I have scheduled the SMVI jobs so that they do not overlap.  Although I don't think that should be an issue as the backup process should be under a minute. There really doesn't seem to be any similar traits of the jobs that are failing.  Some of these servers that are backed up are front-end and bear no processor or memory strain so they shouldn't be "busy."  All the backup options are the same other than the schedule time.  We aren't using scripts or anything special.

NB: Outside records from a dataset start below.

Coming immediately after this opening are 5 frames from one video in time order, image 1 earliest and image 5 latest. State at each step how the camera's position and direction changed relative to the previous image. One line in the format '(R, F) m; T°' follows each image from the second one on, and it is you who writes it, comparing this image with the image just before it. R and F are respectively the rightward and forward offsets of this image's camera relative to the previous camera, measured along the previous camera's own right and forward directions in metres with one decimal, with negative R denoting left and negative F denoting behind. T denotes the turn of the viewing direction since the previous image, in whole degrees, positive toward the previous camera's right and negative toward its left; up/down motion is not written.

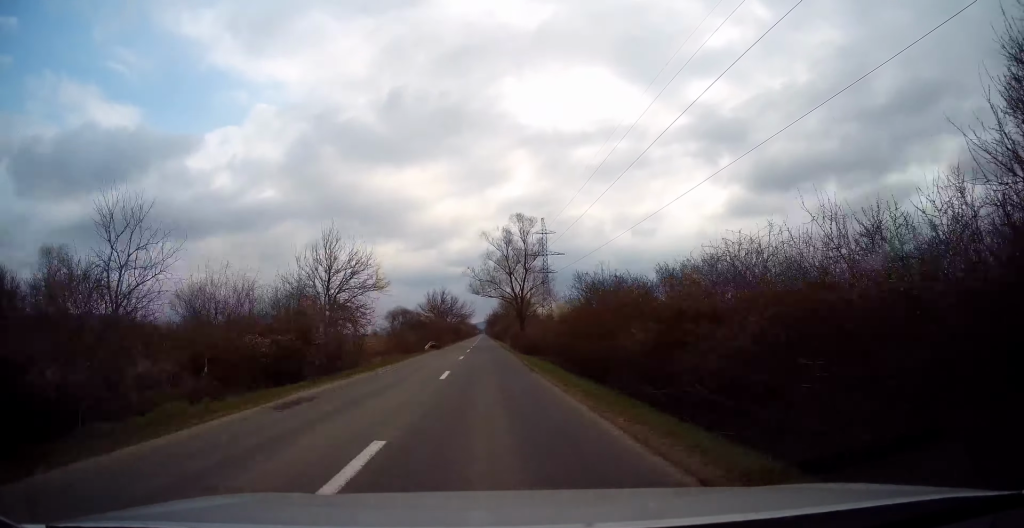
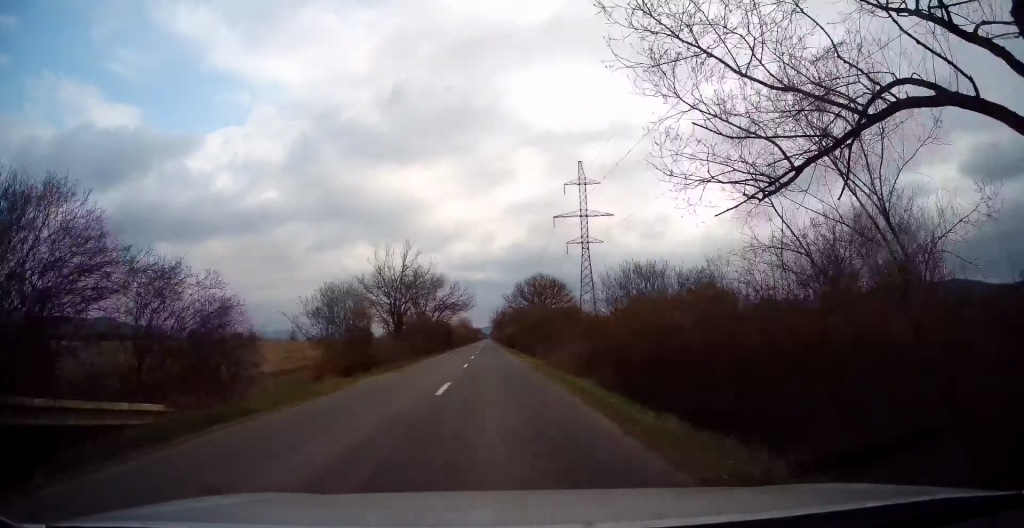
(-0.5, +50.4) m; -1°
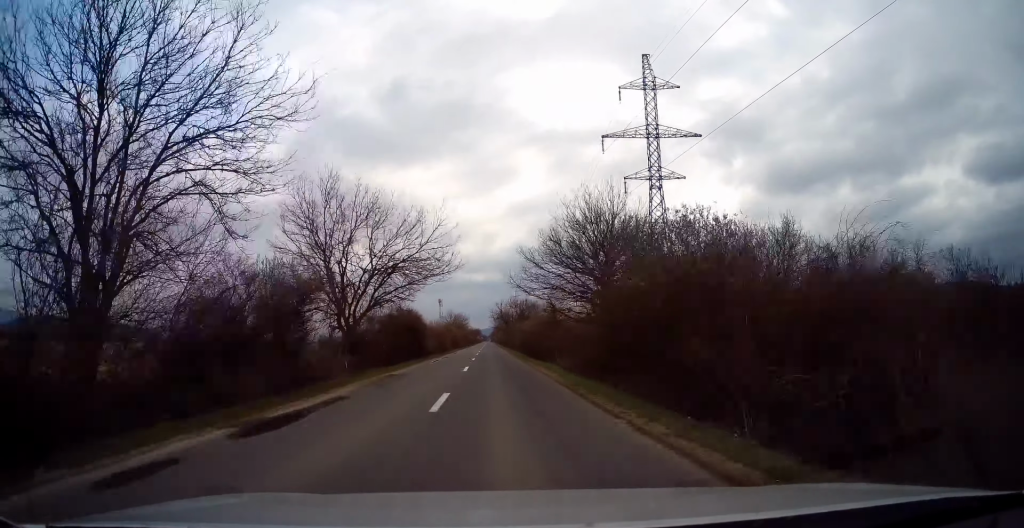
(-0.2, +38.9) m; 0°
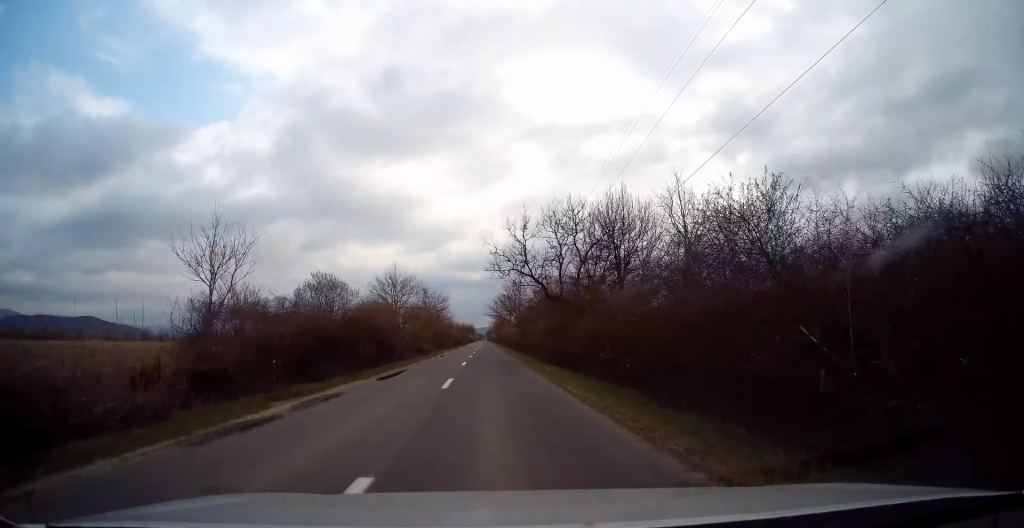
(+0.5, +67.7) m; +1°
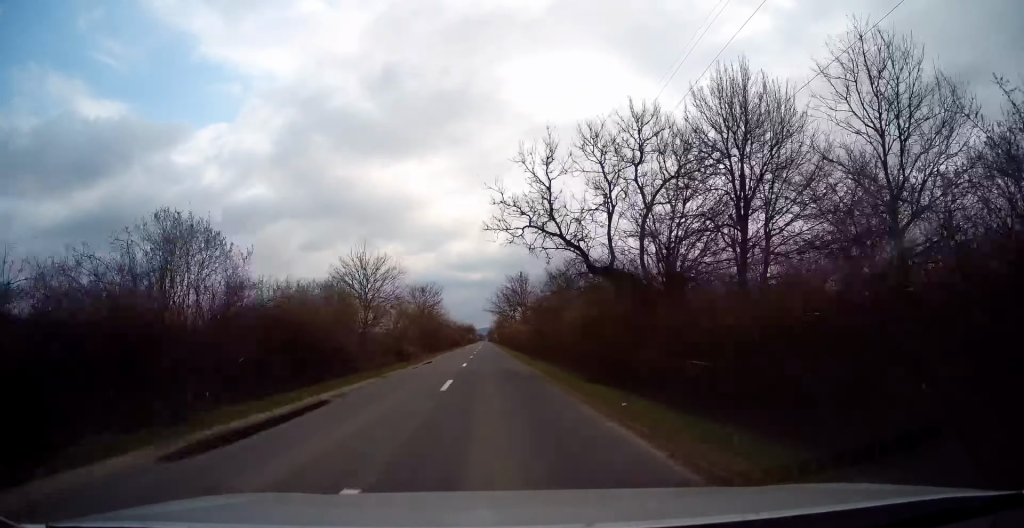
(+0.2, +12.3) m; 0°

I noticed that the server which failed starts and stops a service every minute.  So perhaps this is why a VMware snapshot could never be successfully taken?  The only problem with the cause being on the client is that the backup succeeds all other times.  For instance, tomorrow this backup will not fail. So it occurs sporadically as I stated before.

Re: SMVI failures

Hi

According to VMware KB article #1009073, VMware Tools are unable to create quiesced

snapshots of virtual machines that have NPIV RDM LUNs or Microsoft iSCSI Software Initiator

LUNs mapped to them (this often results in timeout errors during snapshot creation). Is this the issue that you're seeing?

REgards

Amrita

Re: SMVI failures

As stated above we are using FC and I have never configured NPIV for the few RDMs we have so I don't think that's it either.  Thanks for the shot though.  Today none of the SMVI jobs failed. 

Re: SMVI failures

Originally the issue was "A general system error occured: Protocol error from VMX" after reinstalling VMware Tools the error was "Cannot create a quiesced snapshot operation exceeded the time limit for holding off I/O in the frozen virtual machine."

This required VMware support as attempting to create a snapshot to quiesce the OS was failing from Virtual Center. Solution was reinstall VMware tools and this KB

http://kb.vmware.com/selfservice/microsites/search.do?language=en_US&cmd=displayKC&externalId=1019848

To manually register the VMware Snapshot Provider:

  1. Click Start > Run, type cmd, and click OK. 
  2. Enter the following commands in      sequence:

regsvr32 "C:\Program Files\VMware\VMware Tools\Drivers\vss\VCBRequestor.dll"

regsvr32 "C:\Program Files\VMware\VMware Tools\Drivers\vss\VCBSnapshotProvider.dll"

"C:\Program Files\VMware\VMware Tools\COMREG.EXE" -register "C:\Program Files\VMware\VMware Tools\Drivers\vss\VCBSnapshotProvider.dll" "VMware Snapshot Provider" "vmvss" "VMware Snapshot Provider"

If, when registering the COM application, you see the error error 80110801 when attempting to register the COM application, you must delete the VMware Snapshot Provider COM application.

Hope this helps. SMVI ran the job successfully after that.